Which barriers and obstacles do you expect in the next years, when you think about the implementation of larger Linked Data infrastructures? Which non-technical barriers are the most critical ones?
The major goal in the early phase of Linked Data was to make data available on the Web, which succeeded pretty well. Now it is time to focus on the quality of the available data and the supporting infrastructure. This is especially important for institutions whose job it is to provide high-quality data such as libraries. Data provenance and the problems caused by dataset dynamics (link integrity, synchronization of updates) are just two examples of issues that should be on our research agenda.
The number one non-technical argument I often hear against Linked Data is the discussion on intellectual property rights (IPR). Here it is important to say that “Linked Data” does not automatically mean that the provided data are open and freely available on the Web. This depends on the applied data policy. Also with Linked Data institutions can still protected their data. But for libraries it would in my opinion definitely make sense to implement Linked Data in combination with an open data policy.
In any case, IPR should not be neglected. But it should not be abused as an excuse to not think about a possible future of libraries and related institutions in a globally connected information network and to not take action. Alternative licensing schemes (e.g., Creative Commons, Public Domain), which already work pretty well in other domains (e.g., Open Source) are worth to be considered as an alternative approach to existing IPR policies. If existing libraries do not take action, others, who have the financial power to ignore IPR rules, will build the libraries on the Web and attract the library users of the future.

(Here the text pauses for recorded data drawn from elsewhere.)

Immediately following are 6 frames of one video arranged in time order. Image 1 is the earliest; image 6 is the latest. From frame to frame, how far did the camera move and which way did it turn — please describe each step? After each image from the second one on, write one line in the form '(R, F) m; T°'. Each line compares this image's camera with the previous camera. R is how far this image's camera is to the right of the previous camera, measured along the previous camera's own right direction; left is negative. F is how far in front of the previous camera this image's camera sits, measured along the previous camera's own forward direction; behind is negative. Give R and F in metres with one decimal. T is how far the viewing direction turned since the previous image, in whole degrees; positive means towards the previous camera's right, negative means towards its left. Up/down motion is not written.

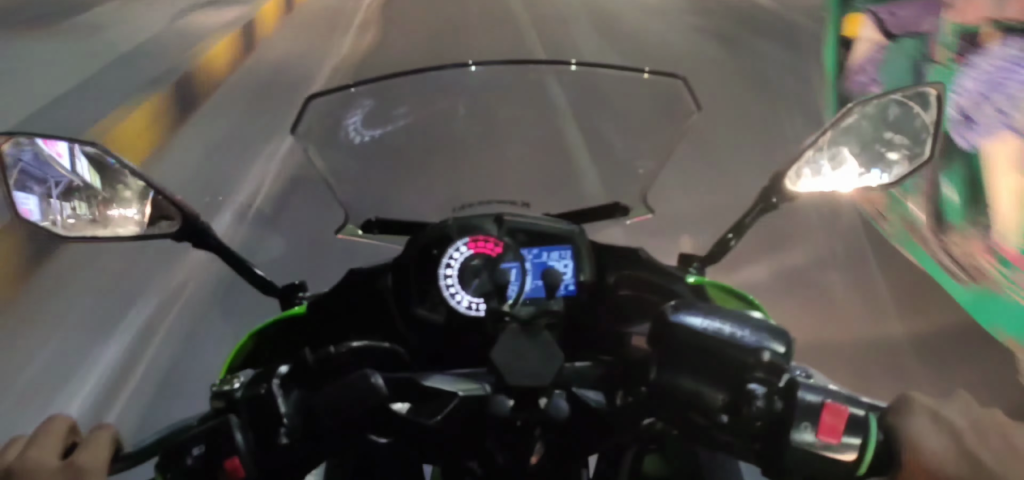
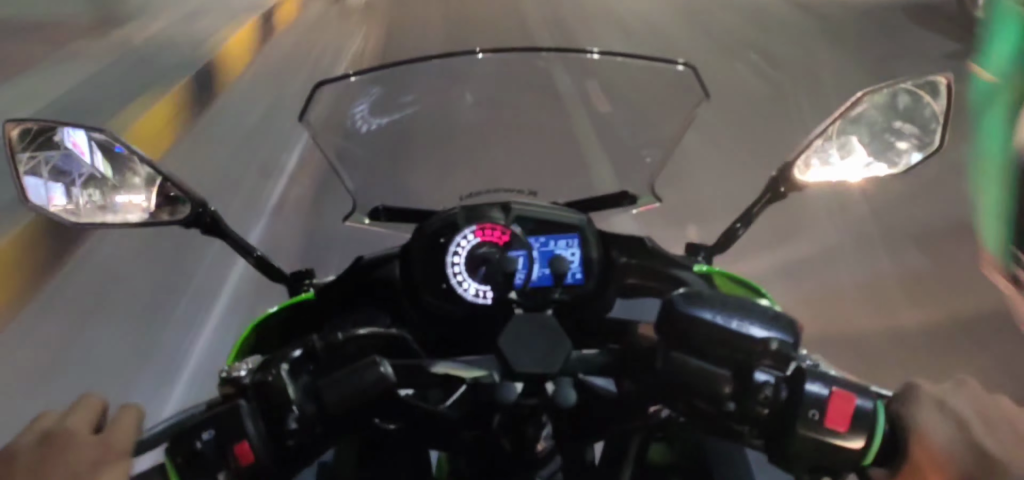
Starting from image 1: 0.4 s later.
(-0.1, +4.1) m; -1°
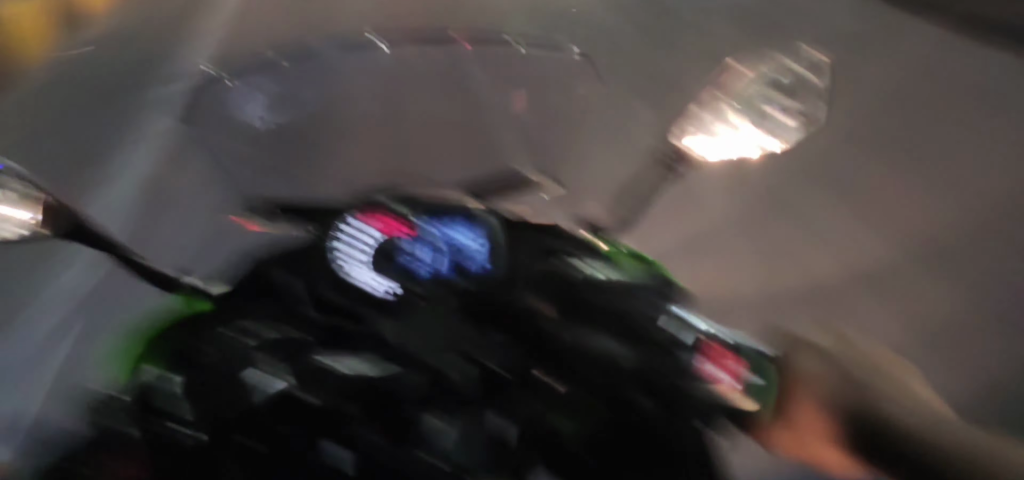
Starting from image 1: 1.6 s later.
(-0.2, +12.0) m; 0°
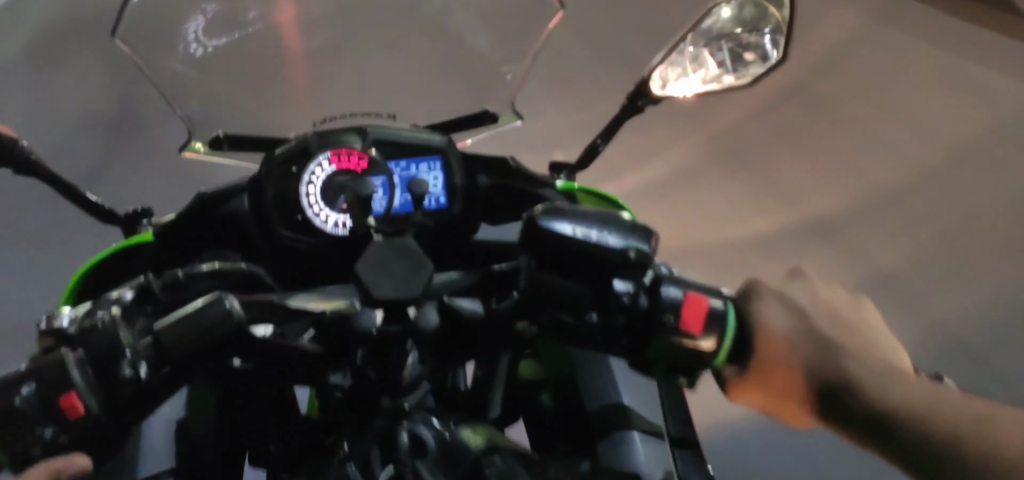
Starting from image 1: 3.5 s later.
(+0.7, +18.0) m; +2°
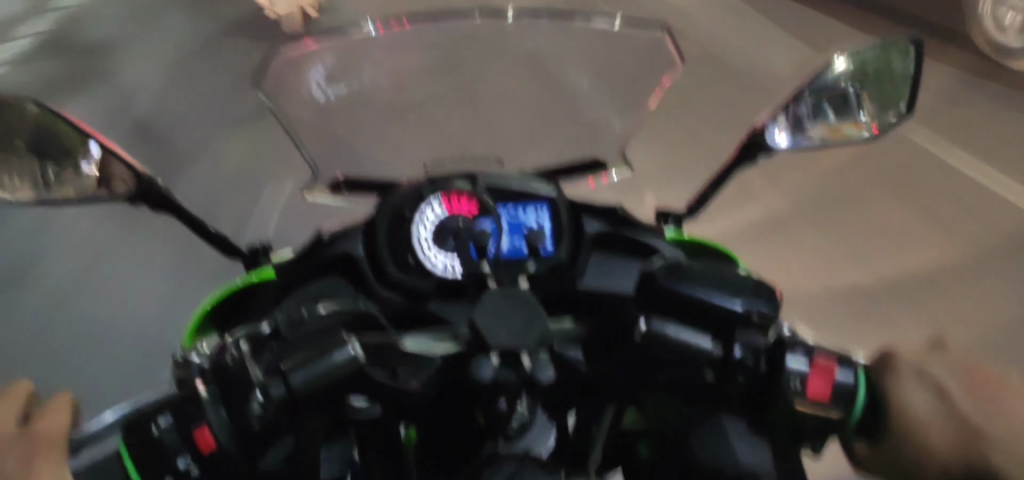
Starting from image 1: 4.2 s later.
(0.0, +6.5) m; -1°
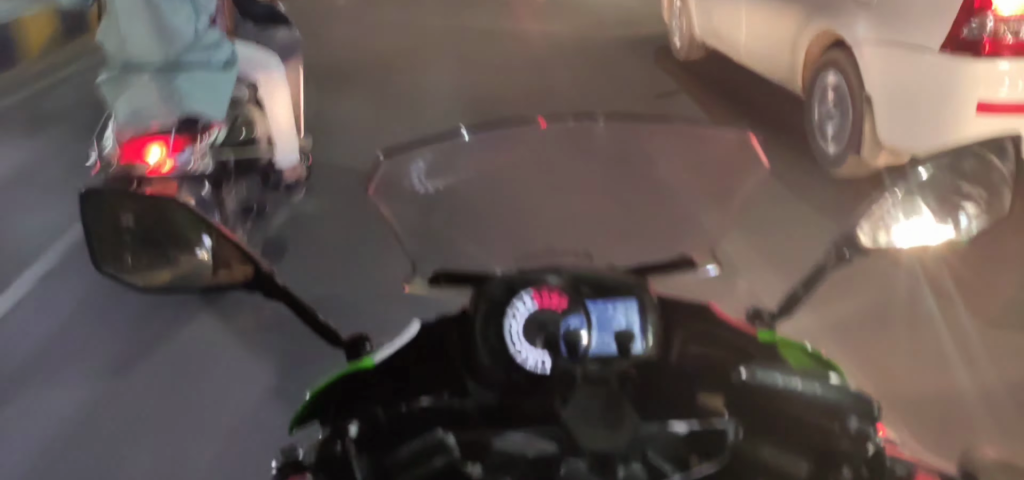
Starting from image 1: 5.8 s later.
(0.0, +14.8) m; +2°

As a non-IPR expert, I cannot give a general recommendation for a possible IPR solution for libraries. I can only say that the Web is not the future, it is the present. People are using the Web to fulfill their information needs and the future generation will most likely continue to do so. What is not on the Web will hardly be perceived. This is the case for digitized objects but also for the adjacent descriptive data. We can hardly change the behavior of people, but we can adapt our view on intellectual property and think about alternative business models. Other areas such as the music domain already went through this process and we have seen that exploiting the possibilities of novel technical developments often turned out to be more successful than retaining with IPR models from the pre-Web era.
The SWIB workshop has shown that many librarians do not let block themselves by the IPR discussion. They started developing prototypes and convinced people that Linked Data makes sense. Maybe this is the way to go...
About Bernhard Haslhofer
Bernhard Haslhofer is a member of the scientific staff in the Multimedia Systems Department at the University of Vienna. His research interests lie in the area of Linked Data / Web of Data, Metadata Interoperability and Metadata Mapping / Metadata Standards.